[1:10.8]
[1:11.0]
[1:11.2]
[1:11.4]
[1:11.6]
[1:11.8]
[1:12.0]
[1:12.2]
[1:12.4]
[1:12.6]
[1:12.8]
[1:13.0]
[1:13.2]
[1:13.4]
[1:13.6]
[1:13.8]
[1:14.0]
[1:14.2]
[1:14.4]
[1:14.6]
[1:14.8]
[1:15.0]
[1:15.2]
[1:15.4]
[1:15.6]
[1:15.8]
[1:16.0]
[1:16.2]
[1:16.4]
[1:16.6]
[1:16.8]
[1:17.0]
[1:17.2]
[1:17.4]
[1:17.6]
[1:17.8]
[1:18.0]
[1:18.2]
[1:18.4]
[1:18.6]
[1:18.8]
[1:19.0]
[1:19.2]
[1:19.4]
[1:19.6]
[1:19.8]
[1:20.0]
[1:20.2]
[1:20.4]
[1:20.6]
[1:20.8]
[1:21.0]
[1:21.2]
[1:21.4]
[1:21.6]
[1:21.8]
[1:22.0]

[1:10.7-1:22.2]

> **YOUR OBJECTIVE**
Give the listing again in full, with every line intact.

> **ANSWER SPACE**
[1:10.8]
[1:11.0]
[1:11.2]
[1:11.4]
[1:11.6]
[1:11.8]
[1:12.0]
[1:12.2]
[1:12.4]
[1:12.6]
[1:12.8]
[1:13.0]
[1:13.2]
[1:13.4]
[1:13.6]
[1:13.8]
[1:14.0]
[1:14.2]
[1:14.4]
[1:14.6]
[1:14.8]
[1:15.0]
[1:15.2]
[1:15.4]
[1:15.6]
[1:15.8]
[1:16.0]
[1:16.2]
[1:16.4]
[1:16.6]
[1:16.8]
[1:17.0]
[1:17.2]
[1:17.4]
[1:17.6]
[1:17.8]
[1:18.0]
[1:18.2]
[1:18.4]
[1:18.6]
[1:18.8]
[1:19.0]
[1:19.2]
[1:19.4]
[1:19.6]
[1:19.8]
[1:20.0]
[1:20.2]
[1:20.4]
[1:20.6]
[1:20.8]
[1:21.0]
[1:21.2]
[1:21.4]
[1:21.6]
[1:21.8]
[1:22.0]

[1:10.7-1:22.2]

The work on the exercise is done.